Открыв дверь, она позволила Ахмеру проскользнуть внутрь. На миг её обуяли опасения, как бы пёс не запрыгнул на постель, но тот словно прочувствовал серьёзность момента и скромно уселся у ног Джоанны, устремив миндалевидные глаза в направлении неподвижной фигуры хозяина. Осунувшееся лицо и понурые плечи Джоанны говорили об измождении, но тубы королевы сложились в улыбку.
— Твоя сестра пришла, любимый, — промолвила она.

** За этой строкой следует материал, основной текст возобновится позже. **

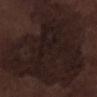  site: left lower leg
  automated_metrics:
    area_mm2_approx: 130.0
    eccentricity: 0.55
    shape_asymmetry: 0.5
    cielab_L: 18
    cielab_a: 13
    cielab_b: 14
    vs_skin_contrast_norm: 9.0
    nevus_likeness_0_100: 5
  image:
    source: total-body photography crop
    field_of_view_mm: 15
  lighting: white-light
  patient:
    sex: male
    age_approx: 70
  lesion_size:
    long_diameter_mm_approx: 18.0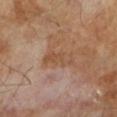Clinical impression:
Imaged during a routine full-body skin examination; the lesion was not biopsied and no histopathology is available.
Background:
Captured under cross-polarized illumination. A roughly 15 mm field-of-view crop from a total-body skin photograph. The subject is a male in their mid- to late 60s.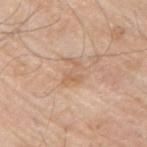The lesion was photographed on a routine skin check and not biopsied; there is no pathology result.
This is a white-light tile.
A male subject, about 65 years old.
Located on the arm.
This image is a 15 mm lesion crop taken from a total-body photograph.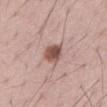biopsy status — total-body-photography surveillance lesion; no biopsy | image source — ~15 mm crop, total-body skin-cancer survey | location — the mid back | subject — male, in their 70s.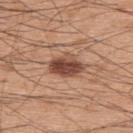Findings:
• notes — no biopsy performed (imaged during a skin exam)
• patient — male, about 60 years old
• imaging modality — 15 mm crop, total-body photography
• site — the upper back
• tile lighting — white-light illumination
• image-analysis metrics — an eccentricity of roughly 0.8 and two-axis asymmetry of about 0.2; an average lesion color of about L≈47 a*≈22 b*≈29 (CIELAB), about 15 CIELAB-L* units darker than the surrounding skin, and a normalized lesion–skin contrast near 10.5

Мариам уселась в кресле рядом с кроватью и взяла его за руку, стараясь скрыть отчаяние при виде ухудшения в состоянии больного. Её красавец-брат выглядел пепельно-серым призраком прошлого себя, глаза его ввалились, черты заострились. За короткое время он стремительно потерял в весе, кожа сделалась холодной и липкой на ощупь.
— Захра, — прохрипел он, и слёзы брызнули из глаз Мариам при звуке этого арабского ласкового прозвища из детских лет.

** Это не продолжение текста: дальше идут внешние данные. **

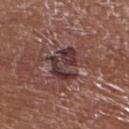Notes:
• follow-up · imaged on a skin check; not biopsied
• patient · male, in their mid- to late 70s
• image-analysis metrics · a lesion area of about 9 mm², a shape eccentricity near 0.75, and a shape-asymmetry score of about 0.45 (0 = symmetric); a within-lesion color-variation index near 4.5/10 and radial color variation of about 1.5; an automated nevus-likeness rating near 0 out of 100 and a lesion-detection confidence of about 100/100
• imaging modality · ~15 mm crop, total-body skin-cancer survey
• tile lighting · white-light illumination
• size · ≈4.5 mm
• body site · the left lower leg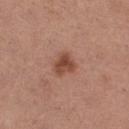Q: Is there a histopathology result?
A: imaged on a skin check; not biopsied
Q: What is the imaging modality?
A: ~15 mm tile from a whole-body skin photo
Q: What is the anatomic site?
A: the right thigh
Q: What lighting was used for the tile?
A: white-light illumination
Q: Patient demographics?
A: female, aged around 30
Q: Lesion size?
A: about 3 mm
Q: What did automated image analysis measure?
A: a lesion area of about 5.5 mm² and a symmetry-axis asymmetry near 0.35; a mean CIELAB color near L≈47 a*≈23 b*≈29, roughly 11 lightness units darker than nearby skin, and a normalized border contrast of about 8.5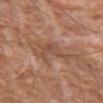Findings:
• workup: no biopsy performed (imaged during a skin exam)
• patient: male, about 75 years old
• anatomic site: the left upper arm
• image source: ~15 mm crop, total-body skin-cancer survey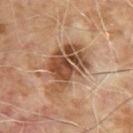<record>
<biopsy_status>not biopsied; imaged during a skin examination</biopsy_status>
<site>upper back</site>
<image>
  <source>total-body photography crop</source>
  <field_of_view_mm>15</field_of_view_mm>
</image>
<patient>
  <sex>male</sex>
  <age_approx>65</age_approx>
</patient>
<lesion_size>
  <long_diameter_mm_approx>6.5</long_diameter_mm_approx>
</lesion_size>
<lighting>cross-polarized</lighting>
</record>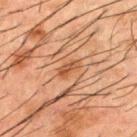Clinical impression:
This lesion was catalogued during total-body skin photography and was not selected for biopsy.
Clinical summary:
A male patient, aged 48 to 52. On the upper back. A 15 mm close-up extracted from a 3D total-body photography capture. Approximately 2.5 mm at its widest. Automated image analysis of the tile measured an area of roughly 3 mm² and a symmetry-axis asymmetry near 0.25. And it measured a lesion color around L≈41 a*≈20 b*≈30 in CIELAB, about 8 CIELAB-L* units darker than the surrounding skin, and a normalized border contrast of about 7. The analysis additionally found an automated nevus-likeness rating near 80 out of 100 and lesion-presence confidence of about 100/100. The tile uses cross-polarized illumination.

Король явно сильно страдал. Однако обрадовался, узнав, что сестра впустила собаку, и свесил руку с постели, позволяя Ахмеру лизнуть её.
Доктора совещались в углу, изучая фиал с жидкостью, представлявшей собой, как догадывалась Мариам, мочу Вильгельма. Обернувшись, Джамал ад-Дин заметил собаку и с укором посмотрел на Мариам, ответившую ему невинной улыбкой. Когда лекарь подошёл, чтобы померять пациенту пульс, фрейлина воспользовалась моментом и предложила Джоанне пойти поспать немного, но та упрямо покачала головой.

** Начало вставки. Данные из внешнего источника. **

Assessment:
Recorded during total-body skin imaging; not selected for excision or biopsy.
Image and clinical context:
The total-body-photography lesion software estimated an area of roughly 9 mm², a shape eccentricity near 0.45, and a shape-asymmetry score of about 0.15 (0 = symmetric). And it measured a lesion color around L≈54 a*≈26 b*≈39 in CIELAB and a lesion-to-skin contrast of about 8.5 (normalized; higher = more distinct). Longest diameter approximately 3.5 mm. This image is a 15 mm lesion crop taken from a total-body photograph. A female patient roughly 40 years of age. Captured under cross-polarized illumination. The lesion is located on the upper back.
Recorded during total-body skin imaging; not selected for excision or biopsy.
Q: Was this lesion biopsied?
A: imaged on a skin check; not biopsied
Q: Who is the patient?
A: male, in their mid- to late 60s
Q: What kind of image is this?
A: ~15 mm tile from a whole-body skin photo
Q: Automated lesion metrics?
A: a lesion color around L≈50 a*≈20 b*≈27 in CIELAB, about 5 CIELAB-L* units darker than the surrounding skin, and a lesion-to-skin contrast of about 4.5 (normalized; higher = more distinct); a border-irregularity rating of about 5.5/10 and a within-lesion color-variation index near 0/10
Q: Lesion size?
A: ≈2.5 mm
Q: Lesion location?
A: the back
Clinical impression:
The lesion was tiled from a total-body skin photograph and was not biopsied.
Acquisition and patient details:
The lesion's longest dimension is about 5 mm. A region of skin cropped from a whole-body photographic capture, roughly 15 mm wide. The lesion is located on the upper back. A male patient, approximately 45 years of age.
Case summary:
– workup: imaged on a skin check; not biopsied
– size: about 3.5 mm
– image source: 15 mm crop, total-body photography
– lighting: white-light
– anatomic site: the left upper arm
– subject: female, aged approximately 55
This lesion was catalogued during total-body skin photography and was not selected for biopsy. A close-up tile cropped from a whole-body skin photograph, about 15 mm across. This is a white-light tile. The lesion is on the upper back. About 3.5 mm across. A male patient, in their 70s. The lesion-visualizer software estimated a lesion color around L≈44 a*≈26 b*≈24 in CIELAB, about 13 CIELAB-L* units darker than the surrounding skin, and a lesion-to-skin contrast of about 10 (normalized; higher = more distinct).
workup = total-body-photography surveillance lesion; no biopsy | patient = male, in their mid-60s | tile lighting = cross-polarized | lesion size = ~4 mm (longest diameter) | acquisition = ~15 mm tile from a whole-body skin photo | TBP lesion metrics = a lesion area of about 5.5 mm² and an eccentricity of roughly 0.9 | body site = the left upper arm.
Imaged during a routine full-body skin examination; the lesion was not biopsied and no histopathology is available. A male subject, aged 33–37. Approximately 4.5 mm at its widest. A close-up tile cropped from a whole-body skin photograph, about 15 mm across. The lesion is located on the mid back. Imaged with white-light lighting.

— Когда я рядом, он спокойнее, — сказала королева, а потом, понизив голос, повела возмущённый рассказ про бестактность архиепископа Палермского. — Этот вредный старик до сих пор дуется на Вильгельма за учреждение архиепископии в Монреале. Но я даже подумать не могла, что злоба подтолкнёт его хоронить государя, пока тот ещё жив!
Мариам соглашалась, но одновременно поглядела на Джоанну с сочувствием, ранившим как кинжал. Одна королева отказывалась посмотреть правде в глаза и признать, что эти с таким трудом дающиеся вздохи уже сочтены. Если не случится чуда, Вильгельм умрёт, и об этом знают все, кроме его жены. Пока Джамал ад-Дин потчевал пациента растительной настойкой от боли в животе, фрейлина продолжала настойчиво убеждать Джоанну немного вздремнуть. Когда Вильгельм присоединился к призывам сестры, королева наконец уступила, пообещав вернуться прежде, чем прозвонят к повечерию.
Едва она ушла, Вильгельм подозвал сестру поближе.
— Пошли за писцом, — прошептал он. — Хочу составить список всего, что завещаю английскому королю для его кампании по отвоеванию Иерусалима. Джоанна, стоит мне заикнуться об этом, впадает в отчаяние...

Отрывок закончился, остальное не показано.